What are the types of parallelism on GPU

Hello, all!
I just entered this area. I read some materials on GPU computing.
I’m really confused by the concept of parallel on GPU.

The following are some of my questions:

What is the type of parallelism within one warp?
Is it pipeline? or totally parallel, in other words, each core execute a thread?

What is the type of parallelism among multiple warps on one Streaming Multiprocessor?
Are they just time sharing? For example, 16 warps on a Streaming Multiprocessor, then Warp 1 uses the first second, Warp 2 uses the second second, Warp 3 uses the third second, and so on. And after one round, Warp 1 uses the 17th second, Warp 3 uses the 18th second, and so on. Thus, at any instant, there is only one warp executing on the Stream Multiprocessor?

Or are they using the pipeline parallelism?

Thank you all in advance!

Depends on the hardware. G80 executed a warp in 4 clock ticks, for example. In general, the programmer should ignore such details and just assume that the entire warp is executed in parallel.

It is time sharing, though much more capable than the round-robin you describe. The SM can sleep warps that are waiting for memory operands to arrive and execute the warps that are ready. There is zero overhead to context switching, since there are enough registers for all running threads.

Thank you so much for your explaining!

But I still don’t understand your answer for the first one. What do you mean by “executed a warp in 4 clock”? Is it executing in a 4-stage pipeline fashion?

Besides, what does the SIMD mean, physically? for example, 32 in CUDA.

I know a Streaming Multiprocessor has 8 scalar processors. then, a 4-stage pipeline results in the 4*8= 32 SIMD size?

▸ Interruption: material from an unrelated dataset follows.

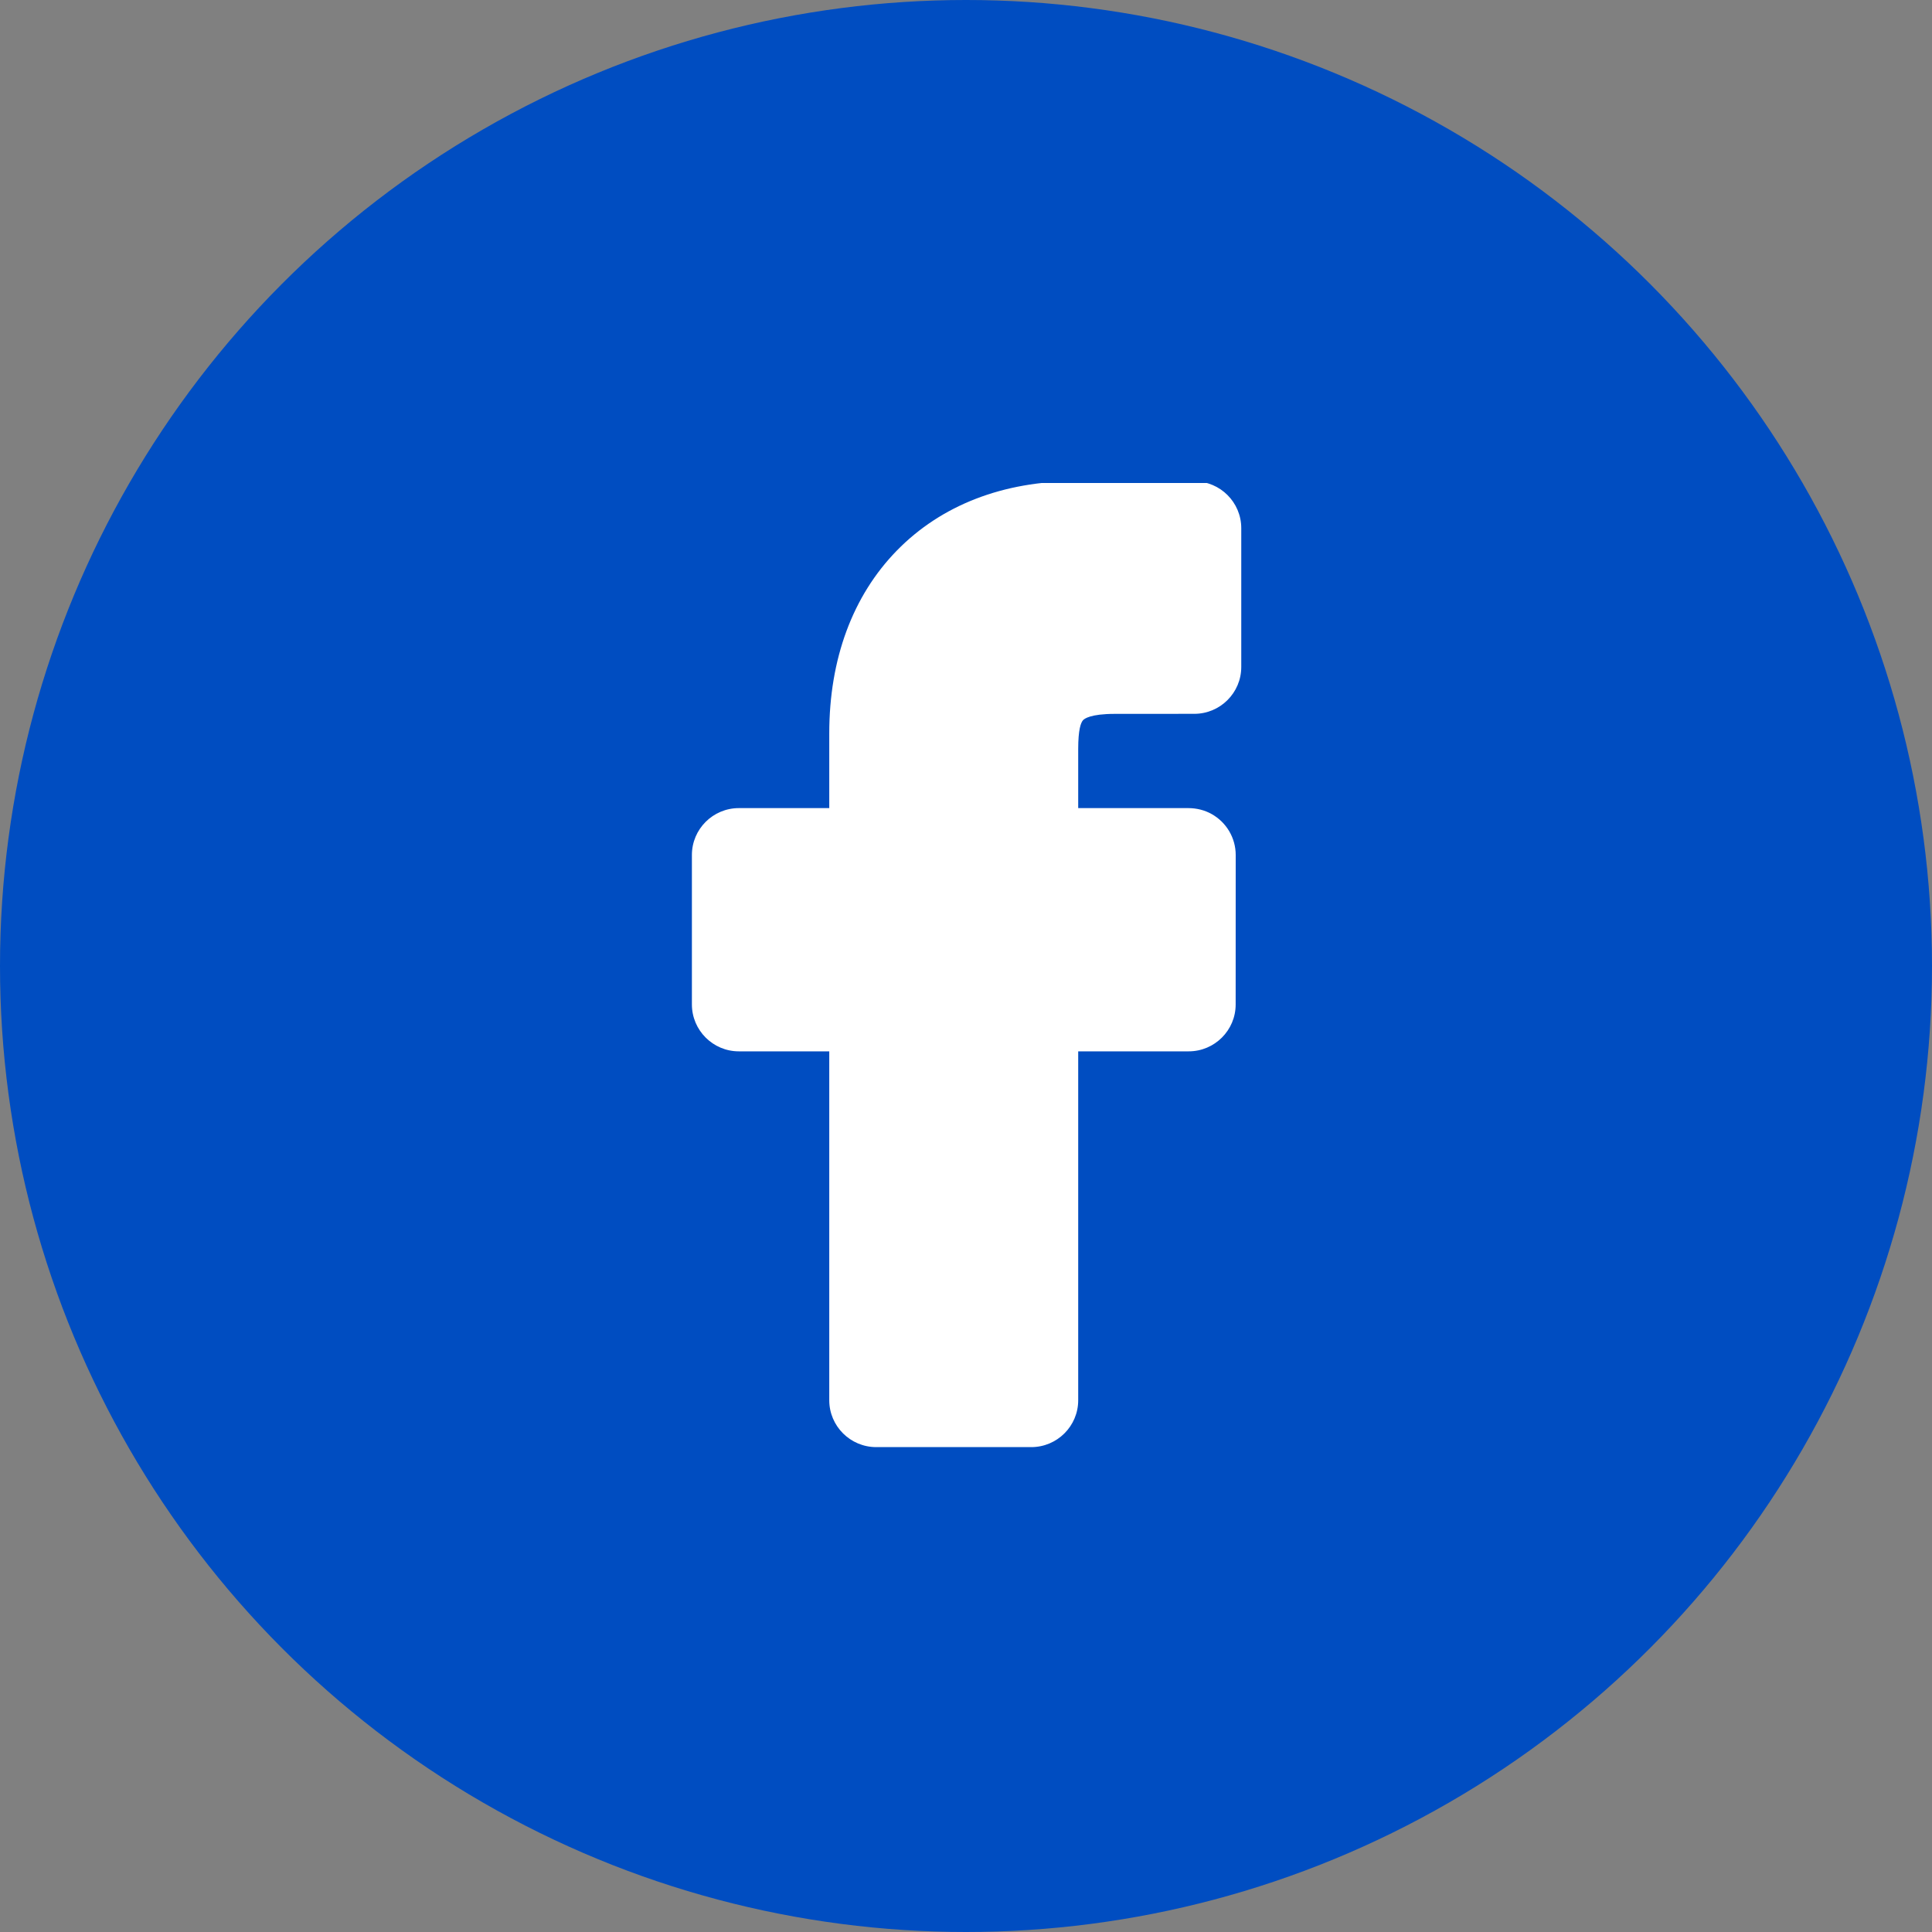 <?xml version="1.0" encoding="UTF-8"?> <svg xmlns="http://www.w3.org/2000/svg" width="40" height="40" viewBox="0 0 40 40" fill="none"><rect x="0" y="0" width="40" height="40" fill="#808080" stroke="none"/> <circle cx="20" cy="20" r="20" fill="#004DC1"></circle> <g clip-path="url(#clip0)"> <path d="M22.422 14.912C22.449 14.881 22.577 14.78 23.079 14.78L24.727 14.779C25.263 14.779 25.699 14.344 25.699 13.809V10.935C25.699 10.401 25.264 9.966 24.729 9.965L22.281 9.961C20.771 9.961 19.487 10.458 18.568 11.399C17.653 12.336 17.169 13.644 17.169 15.181V16.731H15.297C14.761 16.731 14.325 17.166 14.325 17.701V20.796C14.325 21.331 14.761 21.767 15.297 21.767H17.169V28.991C17.169 29.526 17.605 29.961 18.142 29.961H21.351C21.887 29.961 22.323 29.526 22.323 28.991V21.767H24.611C25.147 21.767 25.583 21.331 25.583 20.797L25.584 17.701C25.584 17.35 25.393 17.025 25.084 16.853C24.941 16.773 24.775 16.731 24.604 16.731H22.323V15.506C22.323 15.107 22.377 14.963 22.422 14.912V14.912Z" fill="white"></path> </g> <defs> <clipPath id="clip0"> <rect width="20" height="20" fill="white" transform="translate(10 10)"></rect> </clipPath> </defs> </svg>

Can I say that there are at most 32 threads executing on a Streaming Multiprocessor at any time instant, ignoring the timing sharing parallelism?

The pipeline is much deeper. Compute capability 2.x GPUs have an approximately 20 stage pipeline per CUDA core, and compute capability 3.0 GPUs have approximately 10 stages. The warp scheduler in a multiprocessor can fill the pipelines with instructions from any combination of the available warps. As a result, the number of threads executing at any time instant is very large, and somewhat hard to define. There is no time slice-based context-switching between threads like on a multicore CPU.

The SIMD aspect of of CUDA comes from the fact that the warp scheduler issues a single instruction for a group of 32 threads at a time. In older GPUs, the 32-wide SIMD instruction was dispatched to 8 pipelines, but in newer GPUs the same 32-wide SIMD instruction dispatched to 16 or 32 pipelines. Given the overall length of the pipeline, these minor differences don’t affect the instruction latency significantly.